0
votes

I need to find out the peak read capacity units consumed in the last 20 seconds in one of my dynamo DB table. I need to find this pro-grammatically in java and set an auto-scaling action based on the usage.

Please can you share a sample java program to find the peak read capacity units consumed in the last 20 seconds for a particular dynamo DB table?

Note: there are unusual spikes in the dynamo DB requests on the database and hence needs dynamic auto-scaling.

I've tried this:

result = DYNAMODB_CLIENT.describeTable(recomtableName);
                    readCapacityUnits = result.getTable()
                            .getProvisionedThroughput().getReadCapacityUnits();

but this gives the provisioned capacity but I need the consumed capacity in last 20 seconds.

2

2 Answers

0
votes

You could use the CloudWatch API getMetricStatistics method to get a reading for the capacity metric you require.

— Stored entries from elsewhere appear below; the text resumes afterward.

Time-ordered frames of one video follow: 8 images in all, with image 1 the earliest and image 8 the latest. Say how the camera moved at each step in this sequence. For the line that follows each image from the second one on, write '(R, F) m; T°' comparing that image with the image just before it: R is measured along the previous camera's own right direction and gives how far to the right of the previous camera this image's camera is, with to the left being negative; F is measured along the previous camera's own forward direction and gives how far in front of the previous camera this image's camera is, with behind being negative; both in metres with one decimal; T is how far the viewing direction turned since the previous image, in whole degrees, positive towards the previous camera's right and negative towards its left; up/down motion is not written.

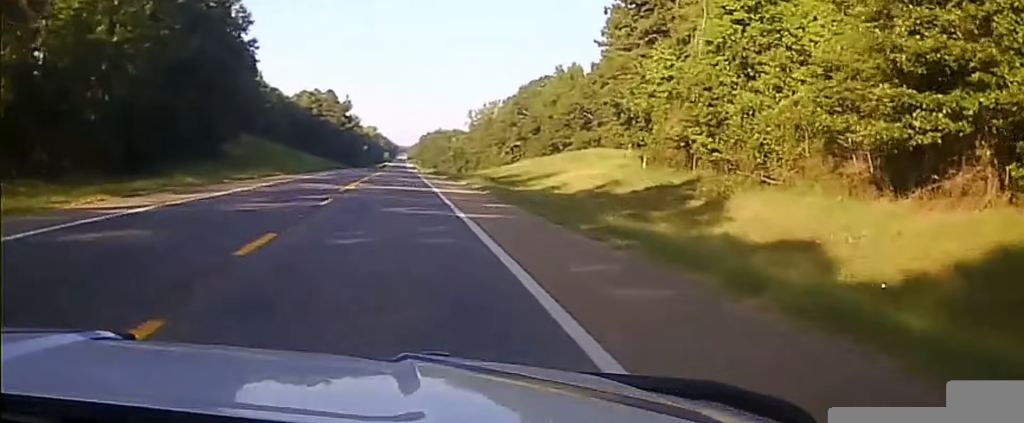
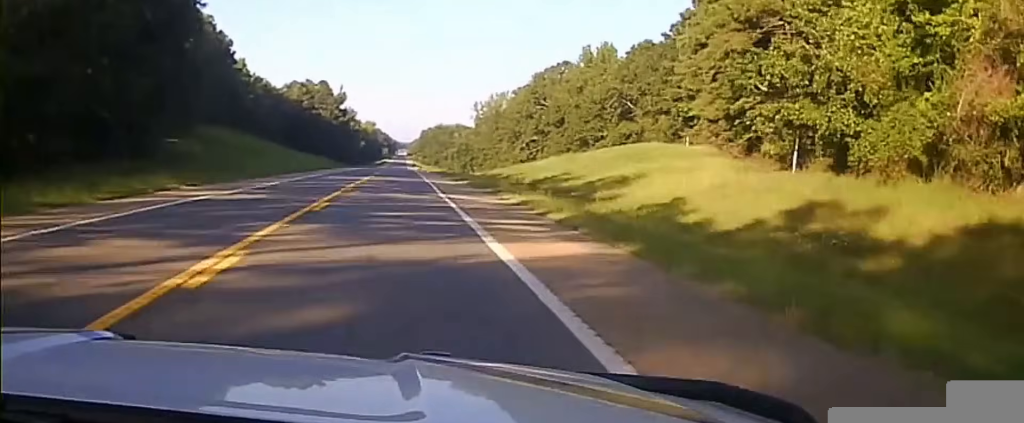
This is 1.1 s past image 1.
(0.0, +27.4) m; 0°
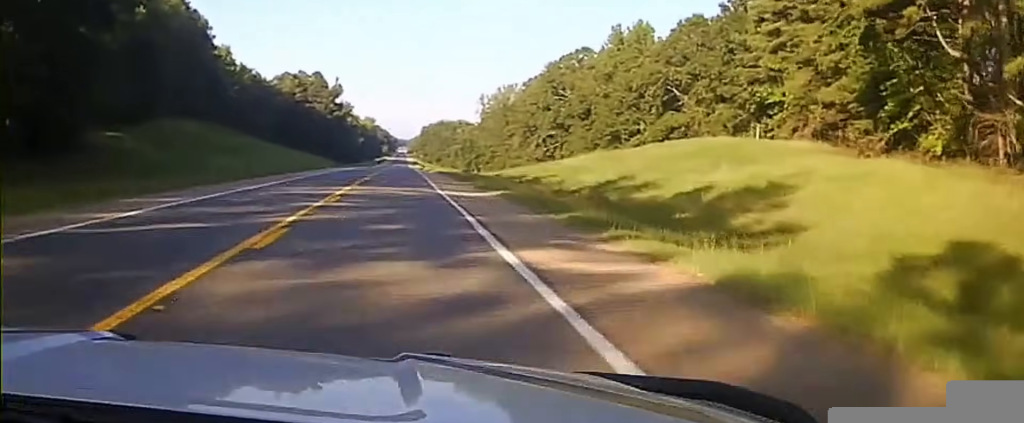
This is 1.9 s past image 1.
(-0.1, +21.7) m; 0°
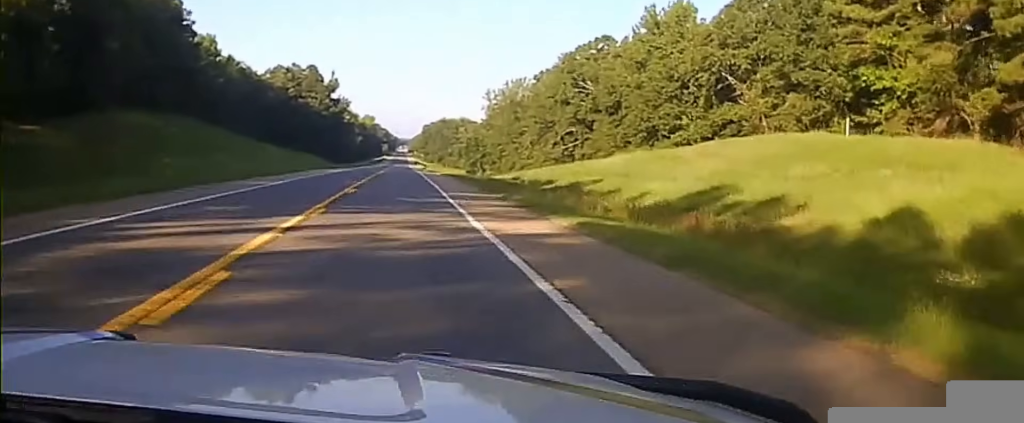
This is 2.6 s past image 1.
(-0.1, +20.1) m; 0°
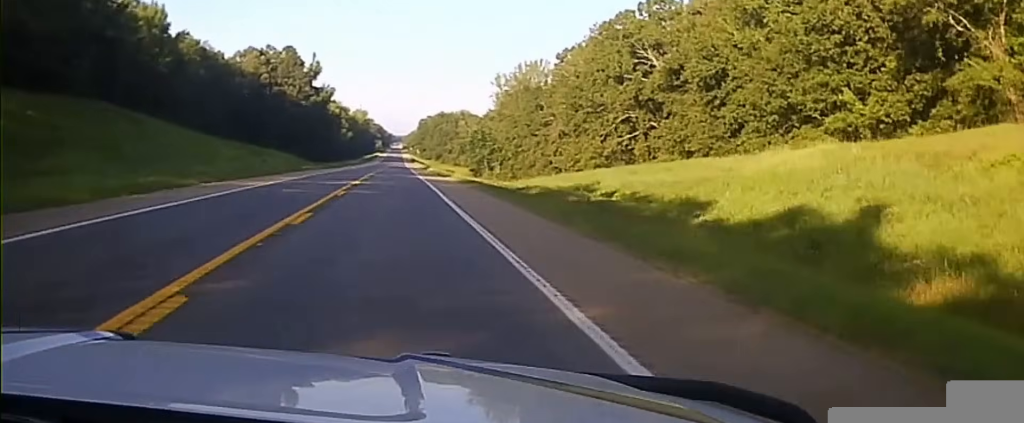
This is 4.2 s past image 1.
(-0.2, +36.2) m; 0°
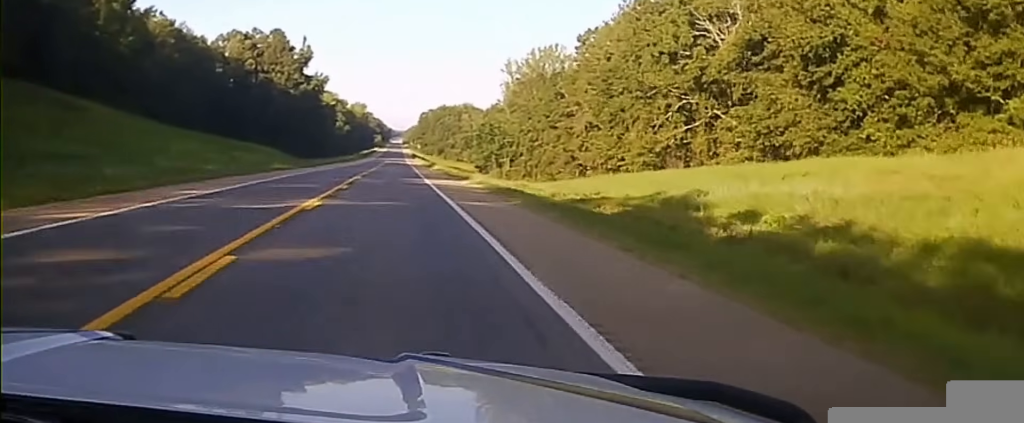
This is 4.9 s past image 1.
(+0.1, +17.7) m; 0°
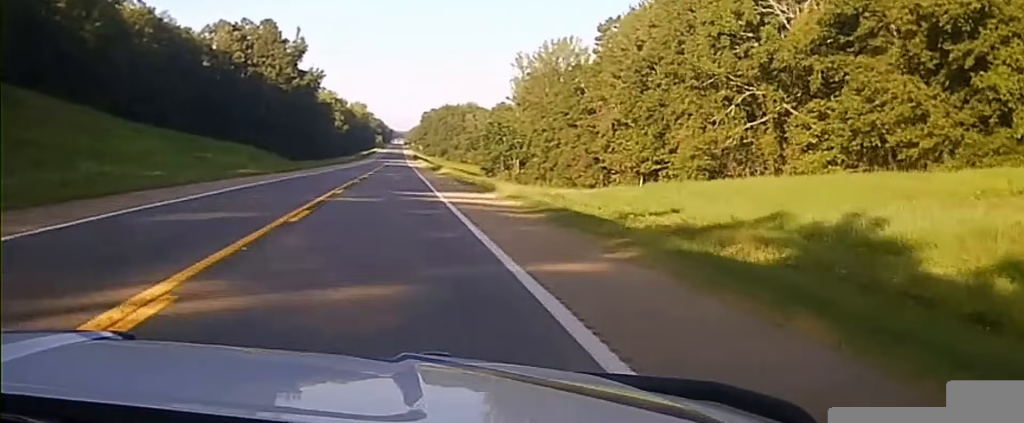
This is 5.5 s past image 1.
(+0.1, +14.8) m; 0°
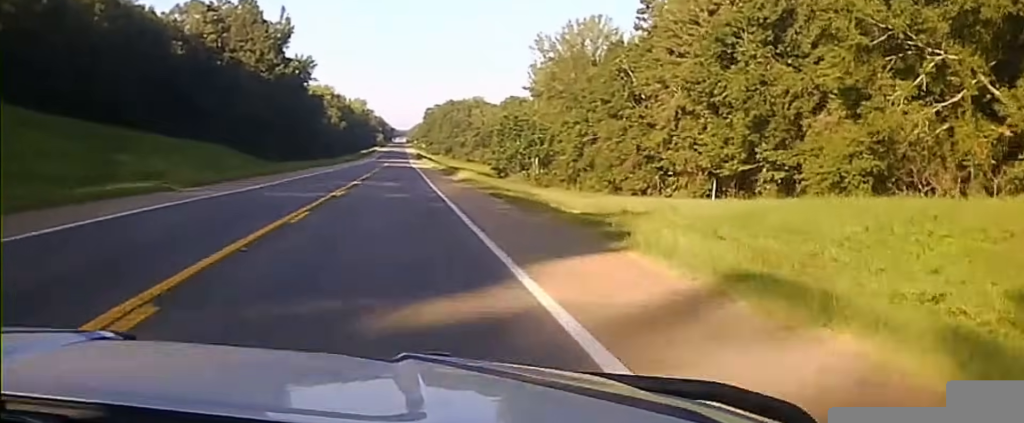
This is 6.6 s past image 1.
(-0.2, +24.6) m; 0°

A hint for the kinds of parameters you need to set can be found here.

0
votes

For that you have to use Cloudwatch.

   GetMetricStatisticsRequest metricStatisticsRequest = new GetMetricStatisticsRequest()
    metricStatisticsRequest.setStartTime(startDate)
    metricStatisticsRequest.setEndTime(endDate)
    metricStatisticsRequest.setNamespace("AWS/DynamoDB")
    metricStatisticsRequest.setMetricName('ConsumedWriteCapacityUnits',)
    metricStatisticsRequest.setPeriod(60)
    metricStatisticsRequest.setStatistics([
        'SampleCount',
        'Average',
        'Sum',
        'Minimum',
        'Maximum'
])
    List<Dimension> dimensions = []
    Dimension dimension = new Dimension()
    dimension.setName('TableName')
    dimension.setValue(dynamoTableHelperService.campaignPkToTableName(campaignPk))
    dimensions << dimension
    metricStatisticsRequest.setDimensions(dimensions)
    client.getMetricStatistics(metricStatisticsRequest)

But I bet you'd results older than 5 minutes.

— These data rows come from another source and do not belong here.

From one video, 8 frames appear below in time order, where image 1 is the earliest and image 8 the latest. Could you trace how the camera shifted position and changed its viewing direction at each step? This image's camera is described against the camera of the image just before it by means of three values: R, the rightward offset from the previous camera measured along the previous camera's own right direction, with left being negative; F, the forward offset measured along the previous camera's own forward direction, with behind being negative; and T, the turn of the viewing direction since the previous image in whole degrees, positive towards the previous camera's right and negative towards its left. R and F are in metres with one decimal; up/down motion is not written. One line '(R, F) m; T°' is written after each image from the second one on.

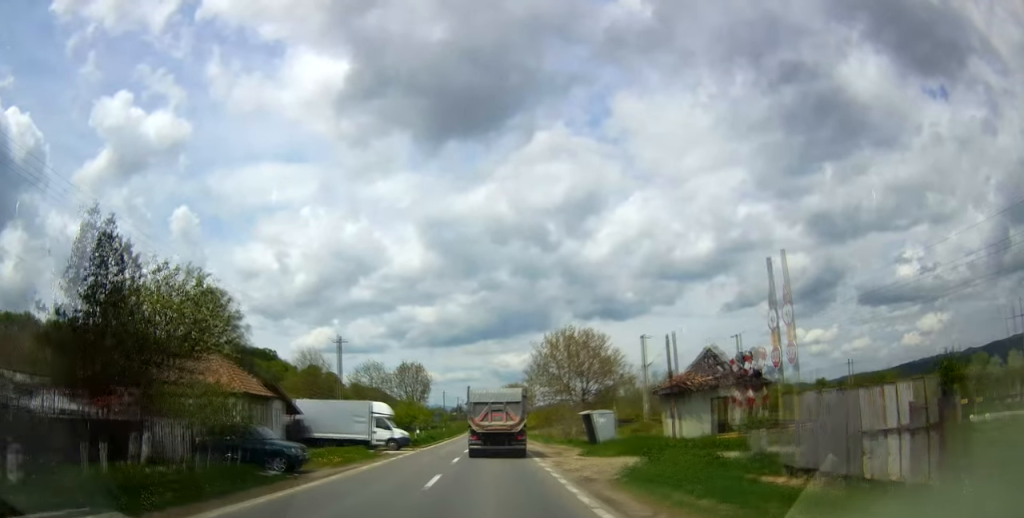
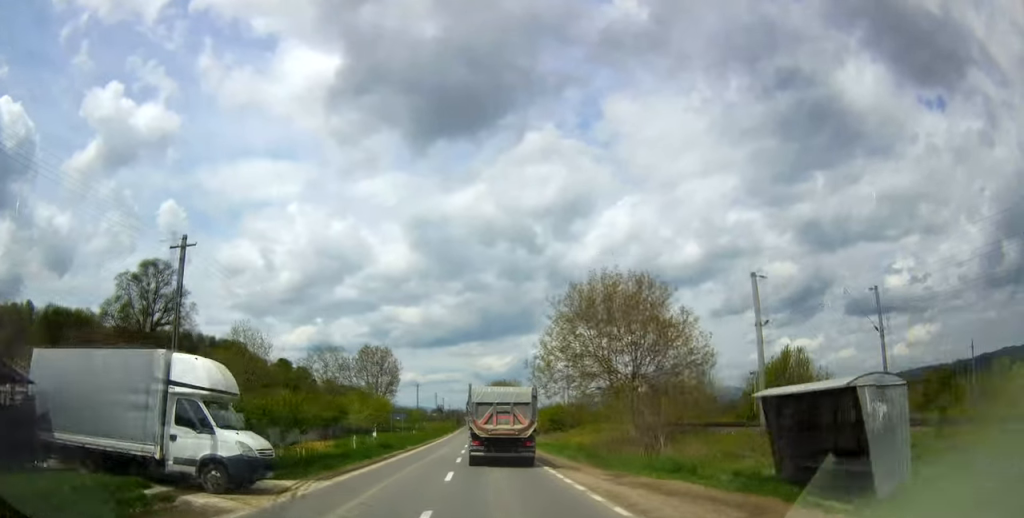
(+0.4, +23.4) m; +1°
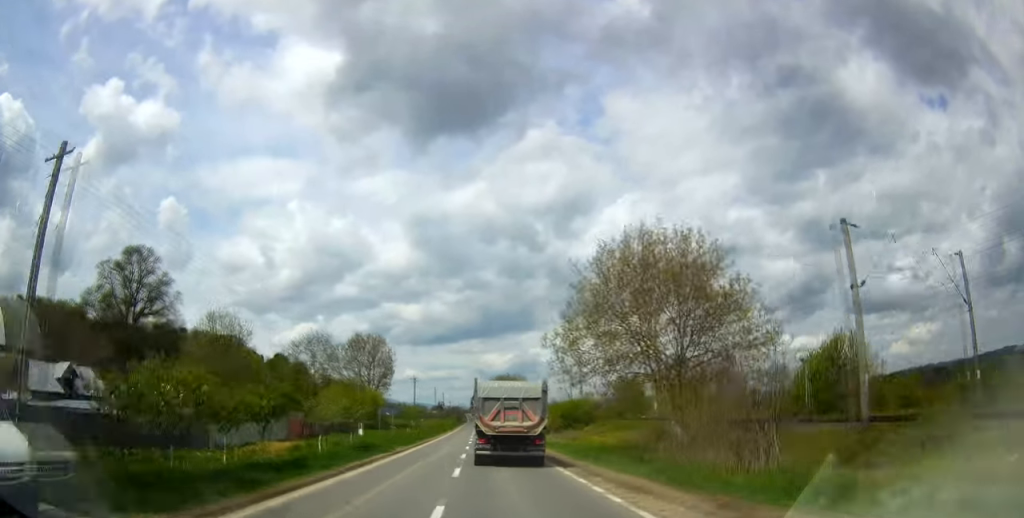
(-0.2, +7.8) m; +1°
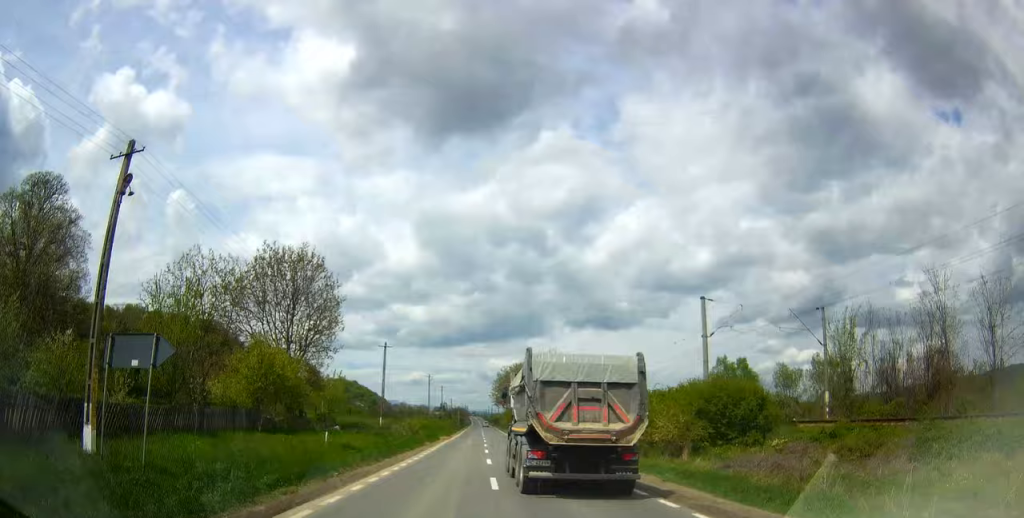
(+0.7, +36.4) m; +1°
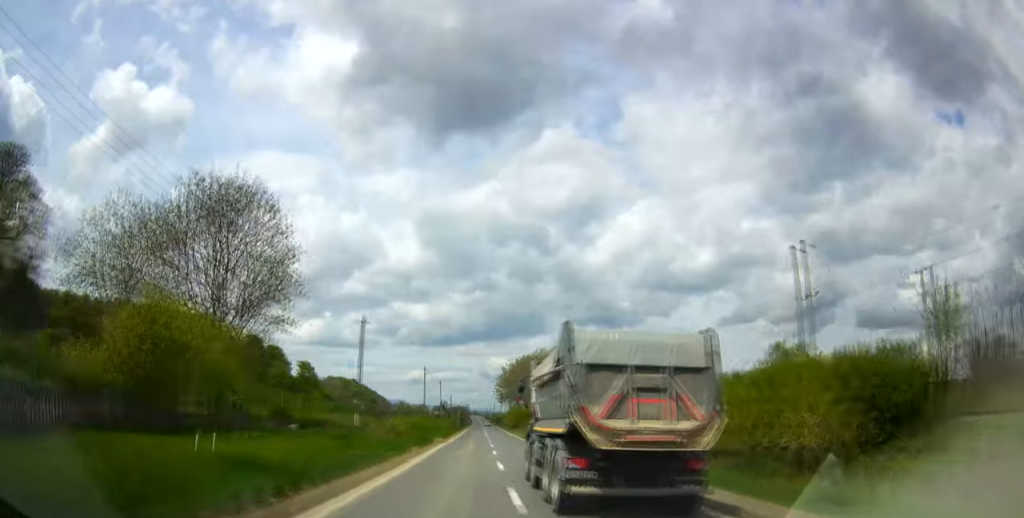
(-0.2, +11.4) m; -1°
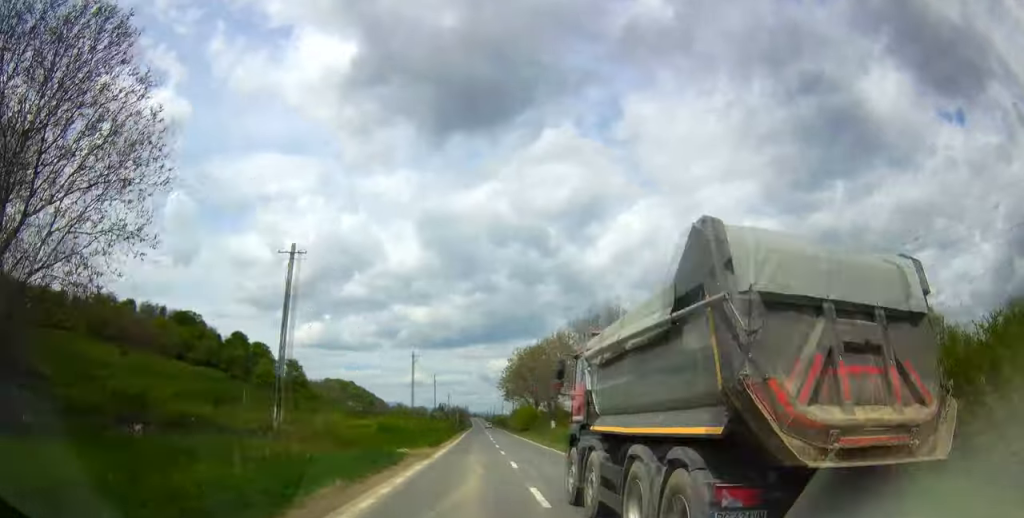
(0.0, +16.6) m; 0°
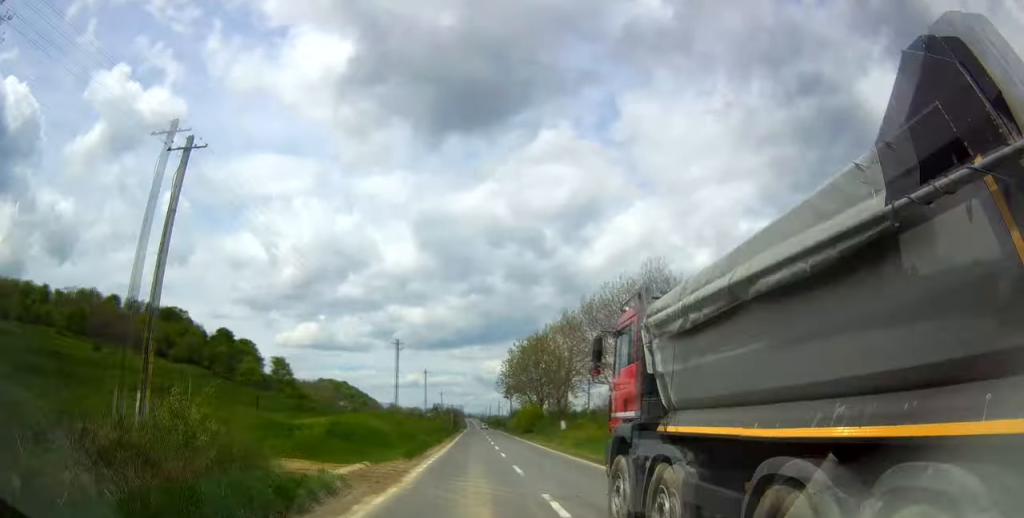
(0.0, +10.3) m; 0°
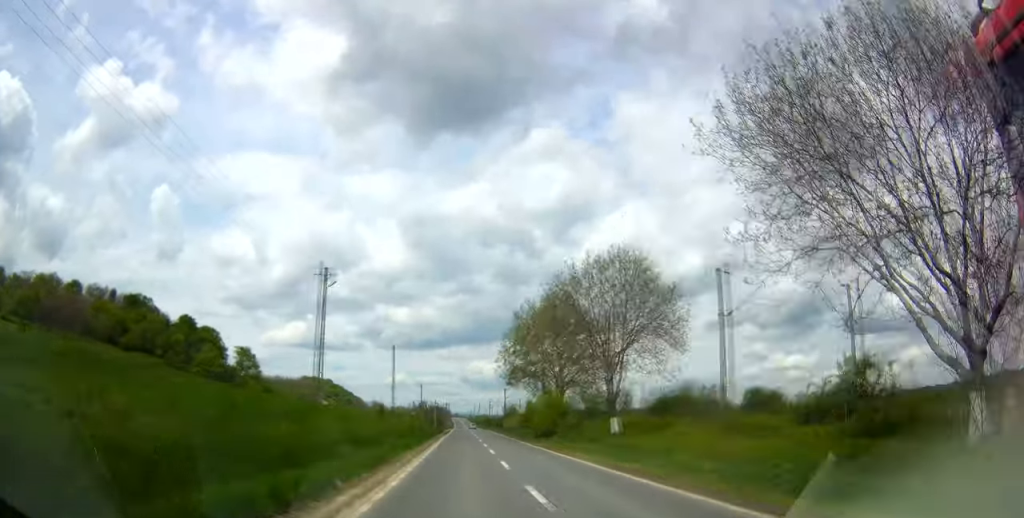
(+0.1, +24.2) m; 0°

Actually current off the shelf autscaling is using Cloudwatch. This does have a drawback and for some applications is unacceptable. When spike load is hitting your table it does not have enough capacity to respond with. Reserved with some overload is not enough and a table starts throttling. If records are kept in memory while waiting a table to respond it can simply blow the memory up. Cloudwatch on the other hand reacts in some time often when spike is gone. Based on our tests it was at least 5 mins. And rising capacity gradually, when it was needed straight up to the max enter image description here


Long story short. We have created custom solution with own speedometers. What it does is counting whatever it has to count and changing tables's capacity accordingly. There is a still a delay because

  1. App itself takes a bit of time to understand what to do

  2. Dynamo table takes ~30 sec to get updated with new capacity details.

    On a top we also have a throttling detector. So if write/read request has got throttled we immediately rise a capacity accordingly. Some times level of capacity looks all right but throttling because of HOT key issue.